Frau mit Wärmflasche

Gerinnungsstörungen wie das von-Willebrand-Syndrom können die Intensität und die Länge der Monatsblutung beeinflussen. Im Gegensatz zu sichtbaren Blutungen wie dem Nasenbluten ist eine verlängerte oder verstärkte Monatsblutung bei einem Tabuthema wie Menstruation für viele Mädchen und Frauen schwerer zu erkennen. Einschätzungen der Mutter oder Schwestern „Das ist doch normal, bei mir ist das auch so…“, können unter Umständen eine richtige Diagnose und Therapie verhindern, weil die Mutter oder Schwester selbst auch von dem erblich bedingten Mangel des von Willebrand betroffen sein können. 



Wie sieht die normale Monatsblutung aus ?

 
Unter dem folgenden Link können Sie nachlesen, was während des Zyklus im Körper einer Frau passiert.
Die Dauer der Menstruationsblutung liegt in der Regel zwischen vier und sechs Tagen. Die Stärke der Blutung ist individuell sehr verschieden. Durchschnittlich verliert eine Frau zwischen 30 bis 80 ml Blut. Am zweiten Tag ist die Blutung bei den meisten Frauen am stärksten.
Wenn die Blutung länger als sechs Tage andauert spricht man von einer verlängerten Blutung (Menorrhagie).
Von einer verstärkten Monatsblutung (Hypermenorrhagie) spricht man, wenn eine Frau mehr als 80 ml Blut während einer Monatsblutung verliert.

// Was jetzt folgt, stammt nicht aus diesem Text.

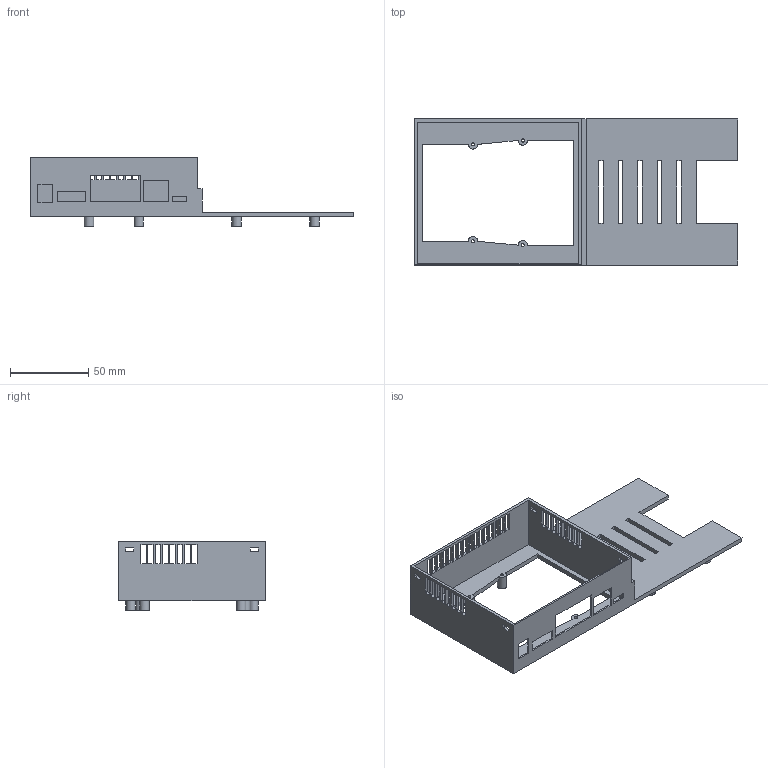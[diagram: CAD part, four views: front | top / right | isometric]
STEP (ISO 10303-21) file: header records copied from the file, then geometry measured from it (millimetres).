
FILE_DESCRIPTION(/* description */ (''),/* implementation_level */ '2;1');
FILE_NAME(/* name */ 'Jetson_case_Bottom.step',/* time_stamp */ '2024-07-16T08:41:03+02:00',/* author */ (''),/* organization */ (''),/* preprocessor_version */ 'ST-DEVELOPER v20',/* originating_system */ 'Autodesk Translation Framework v13.14.0.145',/* authorisation */ '');
FILE_SCHEMA (('AUTOMOTIVE_DESIGN { 1 0 10303 214 3 1 1 }'));
Length unit declared in the file: millimetre
Products named in the file (1): Case
Bounding box: 207 x 93.5 x 43.77 mm (x, y, z)
Volume: 59613.7 mm3; surface area: 53177.8 mm2
Topology: 1 solids, 1 shells, 375 faces, 1101 edges, 733 vertices
Faces by surface type: plane 219, cylinder 156
Full cylindrical faces by diameter (mm): 2 x4, 6 x8
Entity records: 12745 total; most frequent: CARTESIAN_POINT 2210, ORIENTED_EDGE 2202, DIRECTION 2170, EDGE_CURVE 1101, LINE 784, VECTOR 784, VERTEX_POINT 733, AXIS2_PLACEMENT_3D 693

Die Stärke der Blutung kann an der Zahl der verbrauchten Binden und Tampons gemessen werden. Wenn Sie den Link anklicken, finden Sie einen Bogen zur Dokumentation der Menstruationsstärke. Wenn Sie den Verdacht haben, dass Ihre Monatsblutung verlängert oder verstärkt ist, füllen Sie den Bogen über mehrere Zyklen aus und besprechen das Ergebnis mit Ihrem/r Frauenarzt/ärztin.

Wenn die Regelblutung verstärkt und verlängert ist, kann dies auch Auswirkungen auf das Allgemeinbefinden haben. Durch den hohen Blutverlust kann es zu einer Verminderung der roten Blutkörperchen und des Eisengehaltes im Blut kommen. Als Folge fühlen die Frauen sich sehr müde, matt und erschöpft und sind im Extremfall während der Tage bettlägerig.

Verstärkte und verlängerte Monatsblutung kann eine Reihe von Ursachen haben. Häufig sind organische Veränderungen wie Myome oder Polypen und schlimmstenfalls Tumore die Ursache für eine verstärkte Monatsblutung. An diese organischen Veränderungen sollte man vor allem denken, wenn sich die Stärke und Dauer der Periodenblutung im Laufe der Zeit verändert.

Wenn eine Frau von der ersten Regelblutung unverändert immer wieder eine verstärkte und verlängerte Monatsblutung hat, sollten Sie mit dem Arzt auch einmal über die Diagnose einer Blutgerinnungsstörung , wie dem von-Willebrand Syndrom sprechen.

Wenn die Blutung nach der Einnahme der Pille kürzer und schwächer geworden ist, davor aber verstärkt und verlängert war und andere Symptome wie Nasenbluten oder Zahnfleischbluten gehäuft auftreten, sollten Sie mit Ihrem behandelnden Arzt auch über eine Diagnostik des von-Willebrand-Syndroms sprechen. Durch die Einnahme der Pille können die Blutungsprobleme verschleiert werden, im Notfall oder einem operativen Eingriff können Blutungen auftreten, die dann mit einer richtigen Diagnose sicher behandelt werden können.